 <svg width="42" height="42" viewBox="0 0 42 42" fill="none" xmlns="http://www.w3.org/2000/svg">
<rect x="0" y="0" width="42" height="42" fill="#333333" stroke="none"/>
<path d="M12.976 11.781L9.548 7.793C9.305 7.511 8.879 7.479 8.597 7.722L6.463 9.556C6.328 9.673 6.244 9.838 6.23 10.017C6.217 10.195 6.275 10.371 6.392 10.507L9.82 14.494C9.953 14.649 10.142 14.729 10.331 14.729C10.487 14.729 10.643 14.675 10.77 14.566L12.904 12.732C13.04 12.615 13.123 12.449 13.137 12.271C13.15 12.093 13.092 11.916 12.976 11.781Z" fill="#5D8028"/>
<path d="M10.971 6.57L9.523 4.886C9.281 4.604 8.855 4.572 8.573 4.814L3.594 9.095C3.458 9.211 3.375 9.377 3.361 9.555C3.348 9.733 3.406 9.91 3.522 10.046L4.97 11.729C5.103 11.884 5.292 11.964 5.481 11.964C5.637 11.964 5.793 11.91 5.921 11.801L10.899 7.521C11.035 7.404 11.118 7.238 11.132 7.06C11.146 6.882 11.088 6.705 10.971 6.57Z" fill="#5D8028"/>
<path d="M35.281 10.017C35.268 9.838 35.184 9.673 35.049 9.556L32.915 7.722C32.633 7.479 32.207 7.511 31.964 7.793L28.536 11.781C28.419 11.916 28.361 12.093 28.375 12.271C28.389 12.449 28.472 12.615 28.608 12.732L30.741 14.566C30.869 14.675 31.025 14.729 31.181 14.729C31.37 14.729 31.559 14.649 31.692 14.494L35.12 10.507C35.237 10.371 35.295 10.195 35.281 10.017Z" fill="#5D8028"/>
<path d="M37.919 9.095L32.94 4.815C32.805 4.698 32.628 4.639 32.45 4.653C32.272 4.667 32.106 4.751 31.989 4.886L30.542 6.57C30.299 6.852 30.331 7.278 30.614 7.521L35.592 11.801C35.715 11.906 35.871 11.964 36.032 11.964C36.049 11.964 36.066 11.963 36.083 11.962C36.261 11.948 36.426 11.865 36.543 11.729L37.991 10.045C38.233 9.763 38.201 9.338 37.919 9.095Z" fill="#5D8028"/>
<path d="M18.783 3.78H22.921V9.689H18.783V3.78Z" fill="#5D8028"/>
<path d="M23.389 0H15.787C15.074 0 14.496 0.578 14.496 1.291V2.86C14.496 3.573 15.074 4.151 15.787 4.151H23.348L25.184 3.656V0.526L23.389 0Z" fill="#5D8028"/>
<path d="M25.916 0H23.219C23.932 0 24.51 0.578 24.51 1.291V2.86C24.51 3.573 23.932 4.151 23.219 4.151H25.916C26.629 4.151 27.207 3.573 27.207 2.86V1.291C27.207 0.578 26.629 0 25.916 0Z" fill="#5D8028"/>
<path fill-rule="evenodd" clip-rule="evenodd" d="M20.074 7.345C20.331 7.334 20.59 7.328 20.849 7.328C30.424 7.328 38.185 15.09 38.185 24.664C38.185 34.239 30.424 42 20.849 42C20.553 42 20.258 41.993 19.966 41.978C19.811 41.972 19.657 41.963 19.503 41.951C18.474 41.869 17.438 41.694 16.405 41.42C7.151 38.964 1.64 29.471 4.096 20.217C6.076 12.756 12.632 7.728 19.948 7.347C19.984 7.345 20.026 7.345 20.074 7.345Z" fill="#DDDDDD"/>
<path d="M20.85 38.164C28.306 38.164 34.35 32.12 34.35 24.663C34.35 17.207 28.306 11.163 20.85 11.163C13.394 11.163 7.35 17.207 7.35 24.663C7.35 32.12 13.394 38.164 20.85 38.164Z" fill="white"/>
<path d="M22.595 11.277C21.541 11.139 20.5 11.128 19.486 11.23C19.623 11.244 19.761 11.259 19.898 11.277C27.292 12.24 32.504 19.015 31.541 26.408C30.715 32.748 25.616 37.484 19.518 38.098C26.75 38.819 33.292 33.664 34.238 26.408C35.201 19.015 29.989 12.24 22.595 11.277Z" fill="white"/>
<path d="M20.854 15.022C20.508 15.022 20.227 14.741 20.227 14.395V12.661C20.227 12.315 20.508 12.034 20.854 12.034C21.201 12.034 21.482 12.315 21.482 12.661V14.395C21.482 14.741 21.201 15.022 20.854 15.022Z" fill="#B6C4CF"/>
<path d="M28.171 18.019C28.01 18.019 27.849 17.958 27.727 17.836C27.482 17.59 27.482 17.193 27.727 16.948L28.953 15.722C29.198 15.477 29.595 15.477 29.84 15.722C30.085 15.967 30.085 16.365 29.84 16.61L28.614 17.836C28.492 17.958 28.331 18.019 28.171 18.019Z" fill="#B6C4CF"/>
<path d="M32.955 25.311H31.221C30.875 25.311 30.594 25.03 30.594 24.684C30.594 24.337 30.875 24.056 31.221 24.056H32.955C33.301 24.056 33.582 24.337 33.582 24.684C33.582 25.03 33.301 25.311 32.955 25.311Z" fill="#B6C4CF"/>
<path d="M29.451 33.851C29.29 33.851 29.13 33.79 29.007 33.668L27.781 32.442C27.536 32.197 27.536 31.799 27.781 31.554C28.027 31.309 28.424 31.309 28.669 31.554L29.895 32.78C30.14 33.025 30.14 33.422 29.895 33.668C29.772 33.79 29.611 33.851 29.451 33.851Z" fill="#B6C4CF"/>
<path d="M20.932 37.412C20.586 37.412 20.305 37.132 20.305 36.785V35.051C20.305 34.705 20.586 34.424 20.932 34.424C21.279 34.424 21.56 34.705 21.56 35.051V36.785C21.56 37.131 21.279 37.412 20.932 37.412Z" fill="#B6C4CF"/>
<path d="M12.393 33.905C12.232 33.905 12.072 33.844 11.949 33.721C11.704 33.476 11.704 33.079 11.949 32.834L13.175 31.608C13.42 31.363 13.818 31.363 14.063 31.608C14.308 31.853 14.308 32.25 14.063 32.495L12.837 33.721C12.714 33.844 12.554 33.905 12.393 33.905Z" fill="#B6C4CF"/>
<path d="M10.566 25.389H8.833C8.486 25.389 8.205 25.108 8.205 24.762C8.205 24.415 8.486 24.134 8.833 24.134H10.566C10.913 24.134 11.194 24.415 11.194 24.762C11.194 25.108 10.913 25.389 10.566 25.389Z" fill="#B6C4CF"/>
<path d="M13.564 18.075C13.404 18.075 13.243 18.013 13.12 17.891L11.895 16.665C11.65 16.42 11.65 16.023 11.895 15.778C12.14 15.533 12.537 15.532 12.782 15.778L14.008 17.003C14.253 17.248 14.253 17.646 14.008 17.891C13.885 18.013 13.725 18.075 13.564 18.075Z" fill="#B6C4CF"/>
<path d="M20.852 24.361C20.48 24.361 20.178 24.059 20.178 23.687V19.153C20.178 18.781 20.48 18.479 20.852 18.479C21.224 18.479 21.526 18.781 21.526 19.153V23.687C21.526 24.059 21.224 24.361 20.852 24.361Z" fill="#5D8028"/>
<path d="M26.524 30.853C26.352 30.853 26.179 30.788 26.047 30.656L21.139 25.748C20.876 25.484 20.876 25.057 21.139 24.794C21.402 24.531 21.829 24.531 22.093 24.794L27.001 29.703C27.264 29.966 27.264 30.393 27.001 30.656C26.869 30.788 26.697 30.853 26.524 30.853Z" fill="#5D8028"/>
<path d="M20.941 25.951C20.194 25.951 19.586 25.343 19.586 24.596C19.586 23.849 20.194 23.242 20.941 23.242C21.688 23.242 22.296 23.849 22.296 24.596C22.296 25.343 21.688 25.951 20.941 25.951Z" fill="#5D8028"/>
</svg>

- **What is required**
Pull every line containing "none" from the material above.

- **Task response**
 <svg width="42" height="42" viewBox="0 0 42 42" fill="none" xmlns="http://www.w3.org/2000/svg">
<rect x="0" y="0" width="42" height="42" fill="#333333" stroke="none"/>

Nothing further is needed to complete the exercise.